Zunächst einmal war Google nicht das einzige Ziel. Bei unserer Untersuchung des Vorfalls stellte sich heraus, dass mindestens zwanzig weitere Großunternehmen aus verschiedenen Branchen, wie z. B. Internet, Finanzen, Technologie, Medien und Chemie, von ähnlich gearteten Angriffen betroffen waren. Diese Unternehmen werden derzeit von uns benachrichtigt. Außerdem arbeiten wir in dieser Angelegenheit mit den verantwortlichen US-Behörden zusammen.
Außerdem liegen uns Beweise vor, die darauf hindeuten, dass der Angriff in erster Linie auf die Google Mail-Konten von chinesischen Menschenrechts-Aktivisten gerichtet war. Nach dem derzeitige Stand unserer Untersuchung haben die Angreifer dieses Ziel nicht erreicht. Offenbar gab es nur einen Zugriff auf zwei Google Mail-Konten. Außerdem konnten sich die Angreifer nur Zugang zu Kontoinformationen wie dem Einrichtungsdatum und zu Betreffzeilen von E-Mails verschaffen, nicht aber zu deren Inhalten.

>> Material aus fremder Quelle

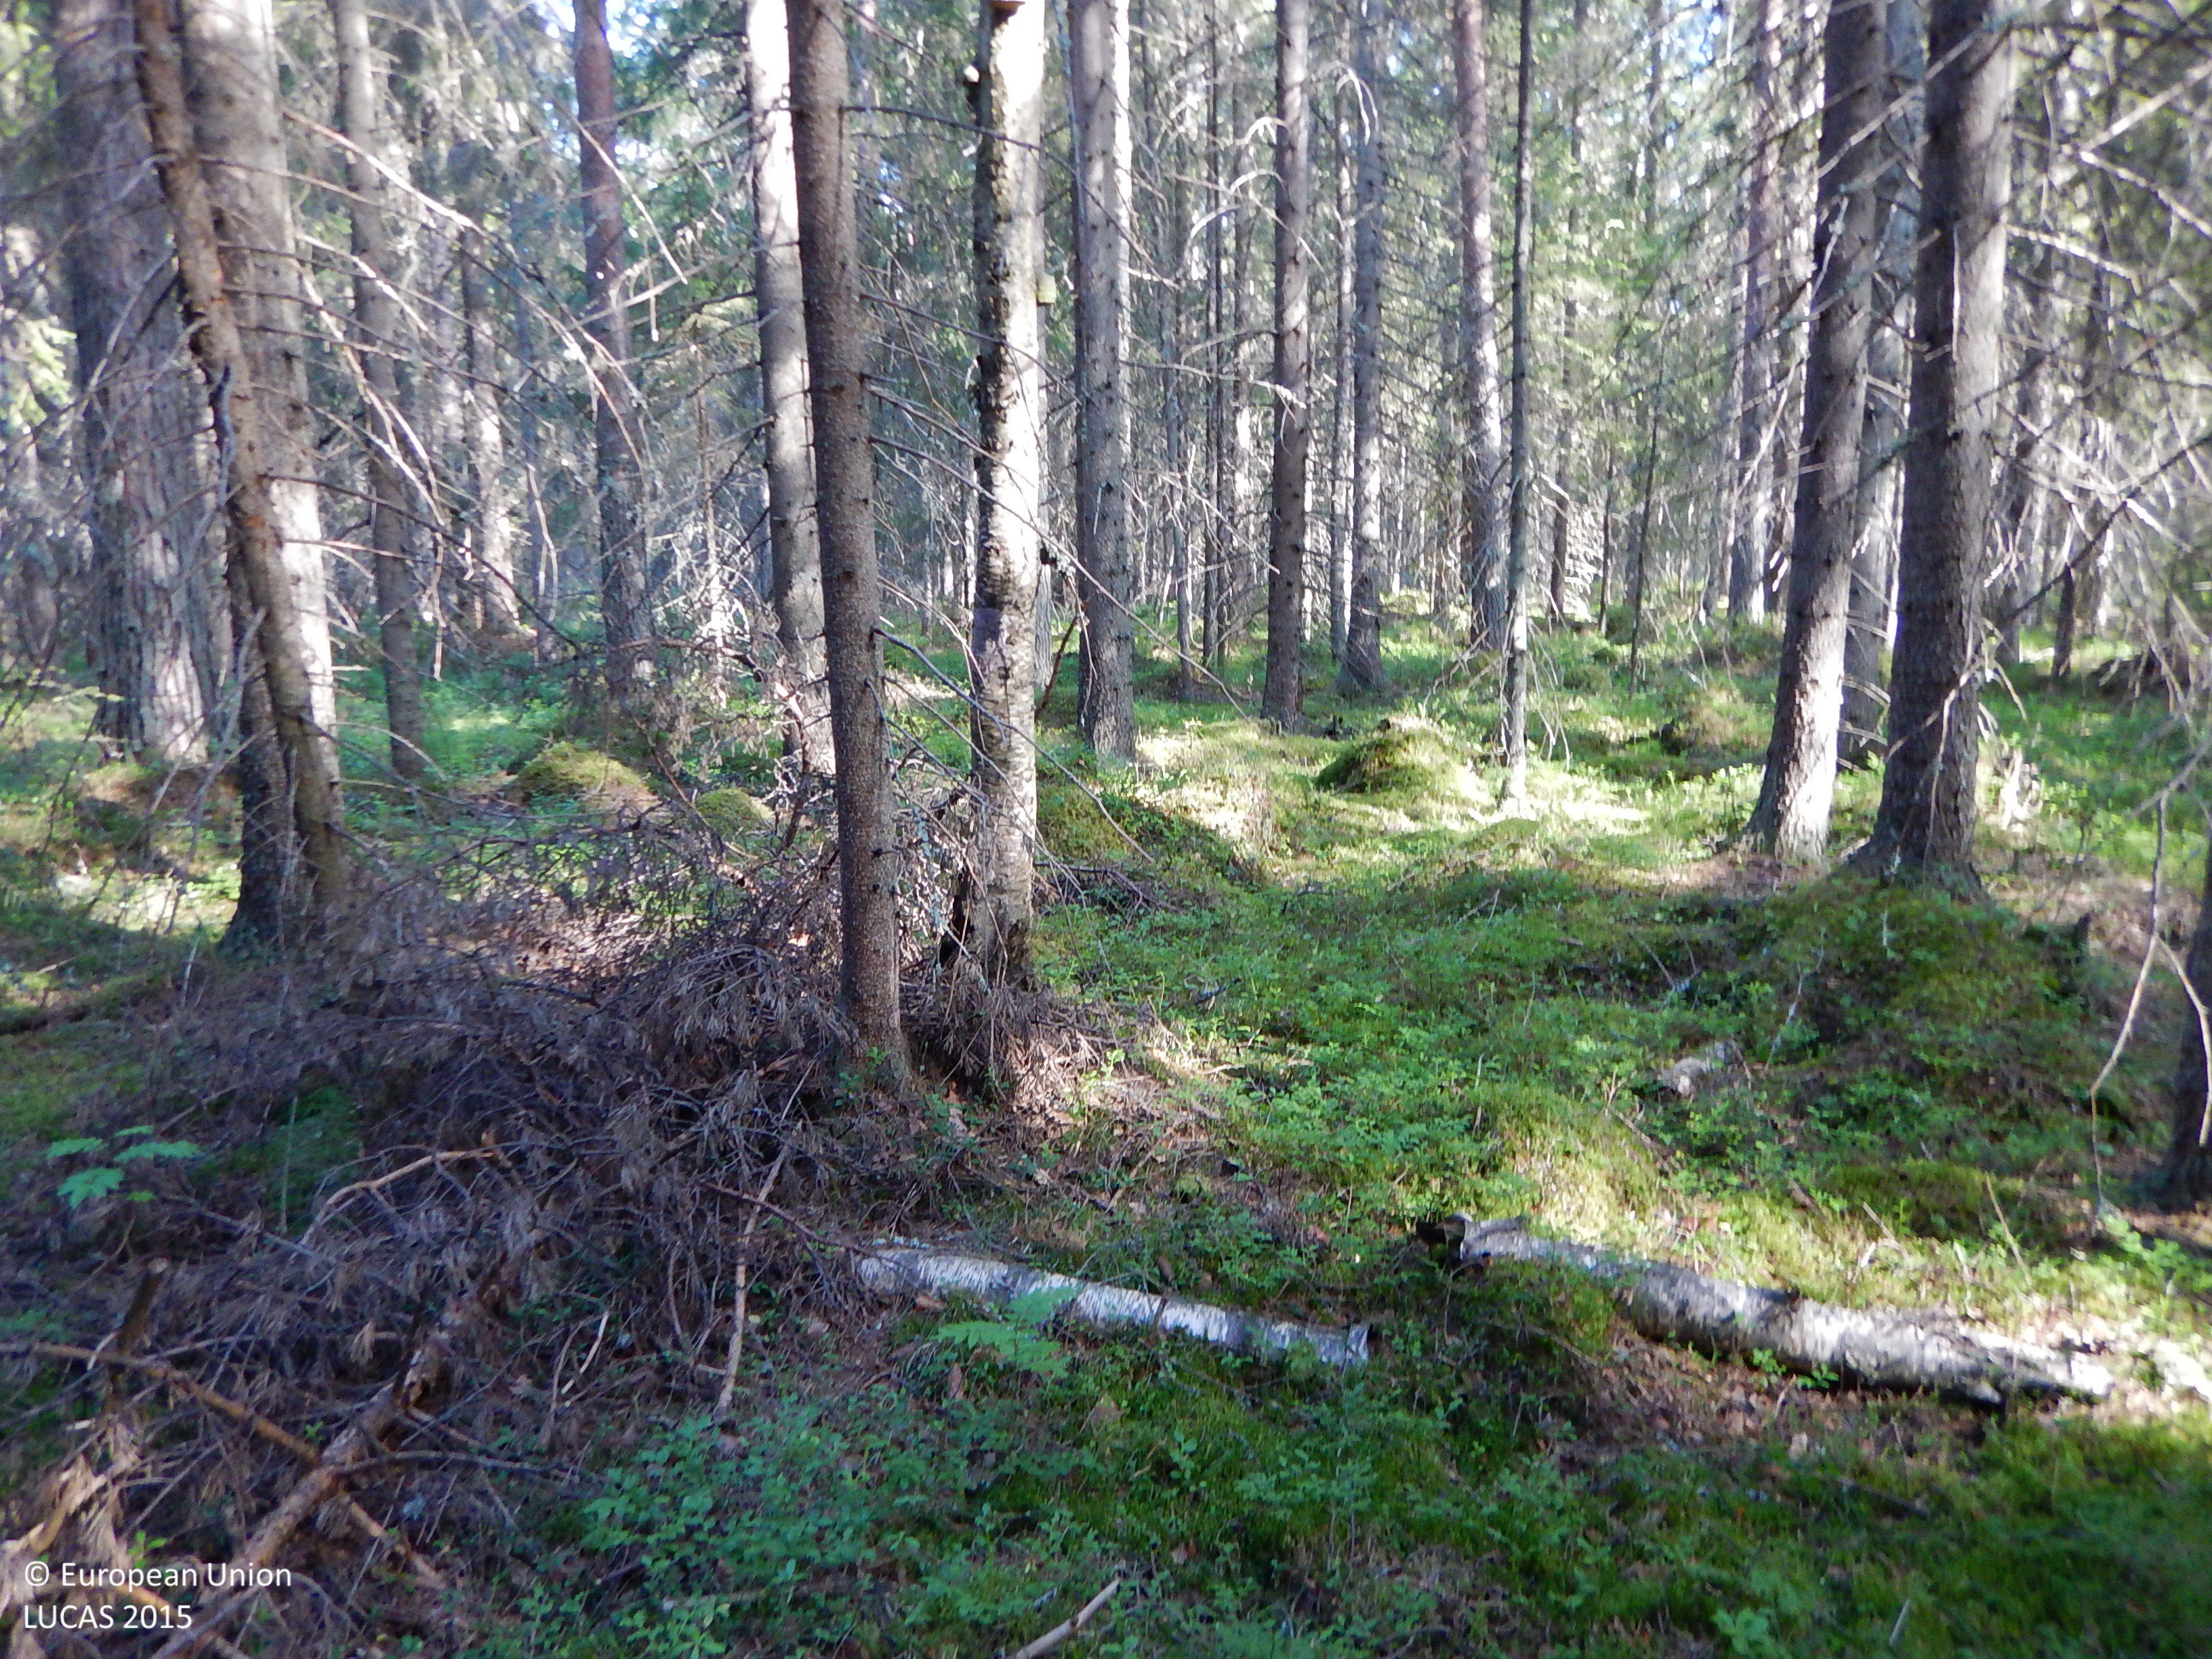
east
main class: Woodland
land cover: Spruce dominated coniferous woodland
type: boreal forest
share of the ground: 50 - 75 %
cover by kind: coniferous forest trees 55 %, lichens and mosses 20 %, broadleaved forest trees 10 %, shrubs 10 %, herbaceous plants 5 %
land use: Forestry
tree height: > 5 m
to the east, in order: Spruce dominated coniferous woodland; Ditches and canals; Pine dominated coniferous woodland; Ditches and canals; Pine dominated coniferous woodland; Tracks; Pine dominated mixed woodland
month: July
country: SE
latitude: 64.8015
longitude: 20.9872

Im Rahmen unserer Untersuchung, jedoch unabhängig vom Angriff auf Google, haben wir festgestellt, dass es regelmäßig zu unerlaubten Zugriffen auf Google Mail-Konten von Nutzern in den USA, China und Europa gab, die sich für die Menschenrechte in China einsetzen. Diese Konten wurden nicht durch eine Sicherheitsverletzung bei Google gehackt, sondern durch Phishing-E-Mails oder Malware, die auf den Computern dieser Nutzer installiert wurde.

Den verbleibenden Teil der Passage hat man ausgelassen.